Let's go through the derivation for the general form of the derivative of #arccos(x)#
Consider #y = cos^(-1)(x)#
#implies x = cos(y)#
We can construct a triangle from this. Recall that cosine is adjacent/hypotenuse. This means that adjacent to angle #y#, we have side of length #x# and that the hypotenuse is of length #1#. By Pythagoras' the length of the opposite side is #sqrt(1-x^2)#.

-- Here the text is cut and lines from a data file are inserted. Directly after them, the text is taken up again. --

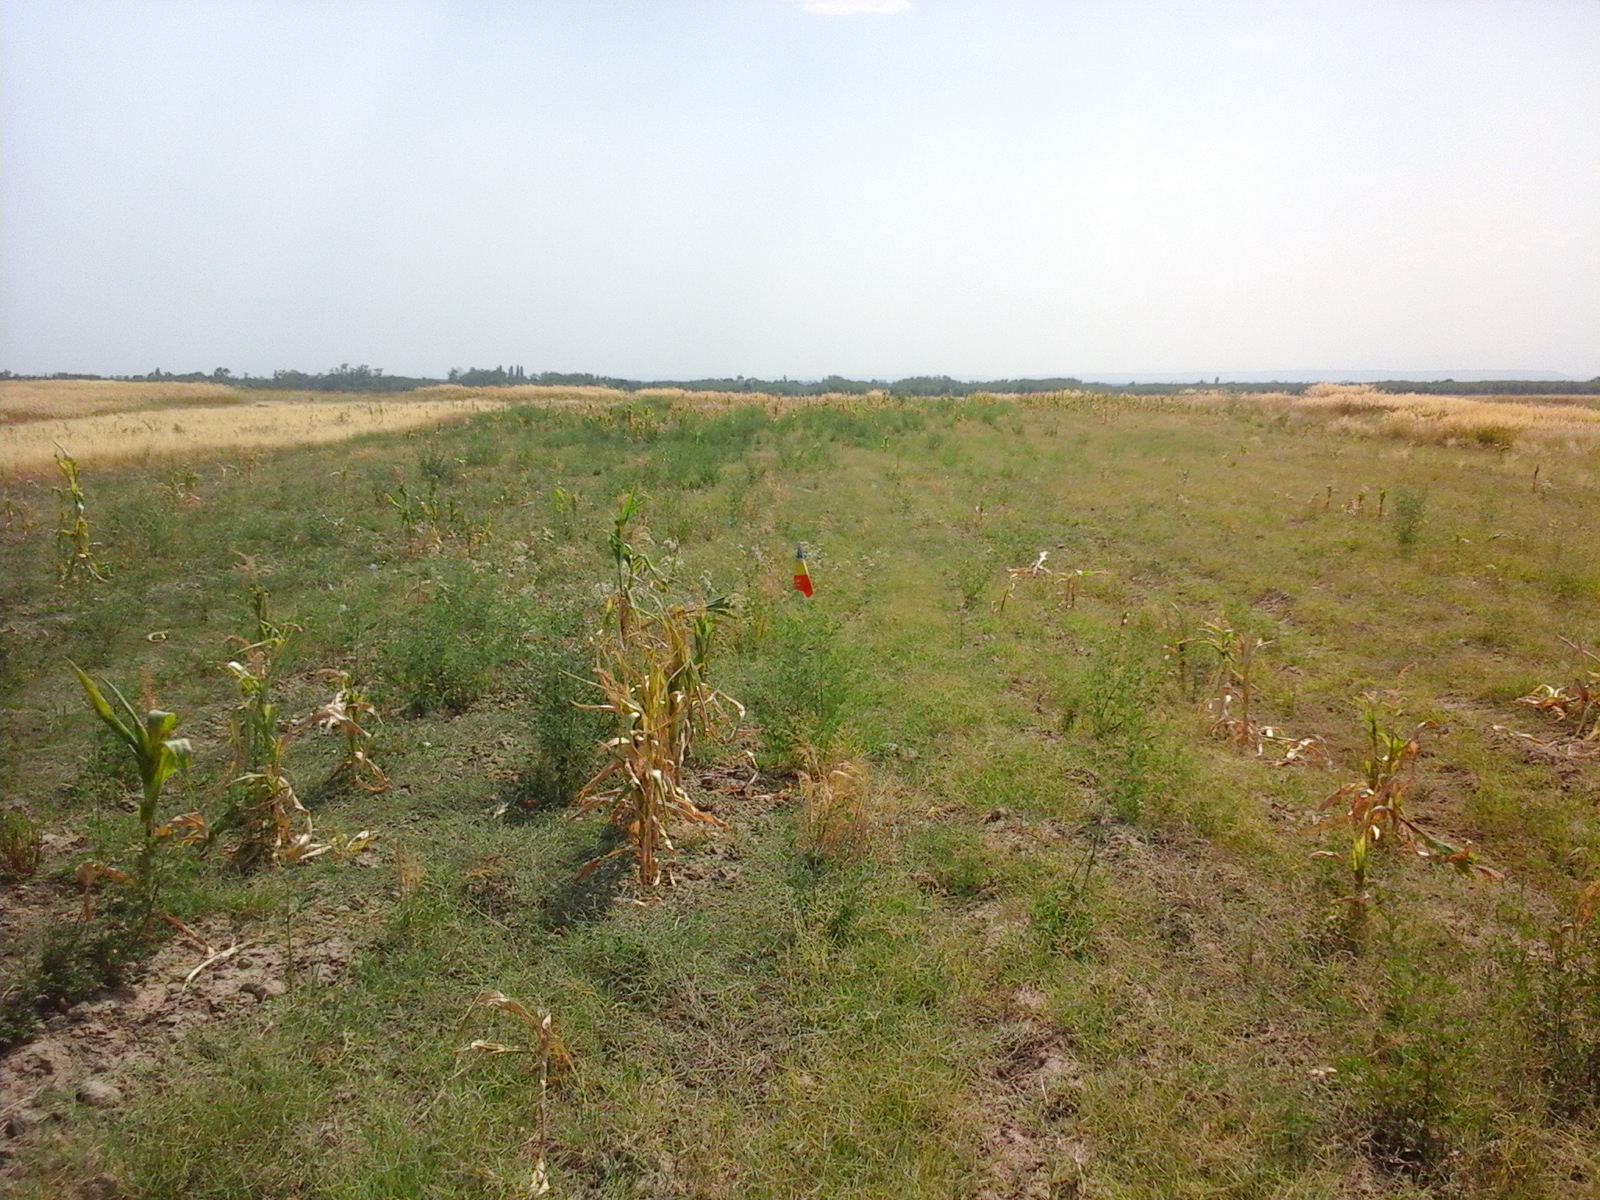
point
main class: Grassland
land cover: Spontaneously vegetated surfaces
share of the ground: > 75 %
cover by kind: herbaceous plants 100 %
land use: Fallow land
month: August
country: RO
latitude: 44.4815
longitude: 22.6765
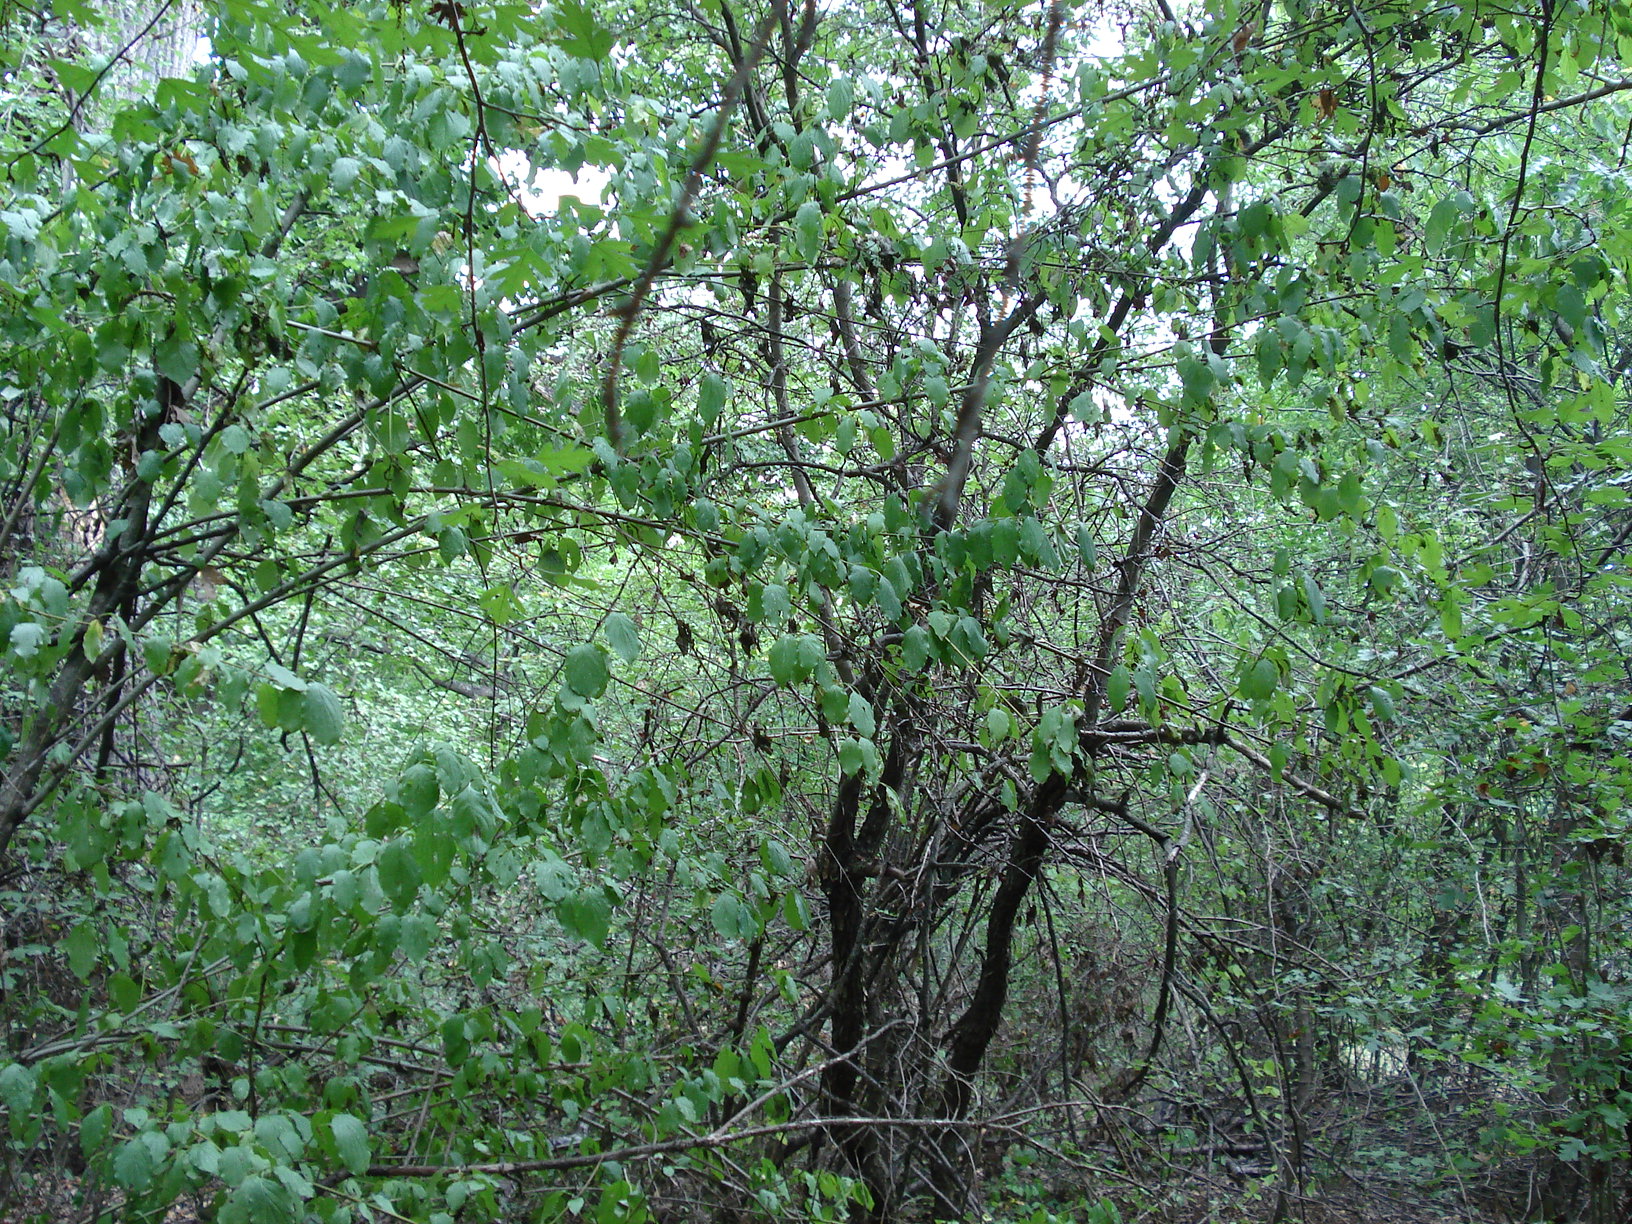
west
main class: Woodland
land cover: Broadleaved woodland
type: mesophytic deciduous forest
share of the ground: > 75 %
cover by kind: broadleaved forest trees 85 %, herbaceous plants 10 %, shrubs 5 %
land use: Forestry
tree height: > 5 m
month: September
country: BG
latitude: 43.0456
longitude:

Now, differentiate our expression:
#(dx)/(dy) = -sin(y)#
#therefore (dy)/(dx) = - 1/(sin(y))#
But from our triangle we can work out #sin(y)!#. Sine is opposite/hypotenuse so
#sin(y) = sqrt(1-x^2)#
#therefore (d)/(dx)(cos^(-1)(x)) = -1/(sqrt(1-x^2))#
That's the general form, but here we have a function of x inside the function, ie #y(u(x))#. This calls for the chain rule.
#(dy)/(dx) = (dy)/(du)(du)/(dx)#
#u=x/2 implies (du)/(dx)=1/2#
#y = cos^(-1)(u) implies (dy)/(du) = -1/(sqrt(1-u^2))#
#therefore (dy)/(dx) = -1/(sqrt(1-(x/2)^2))*1/2 = -1/(sqrt(4-x^2))#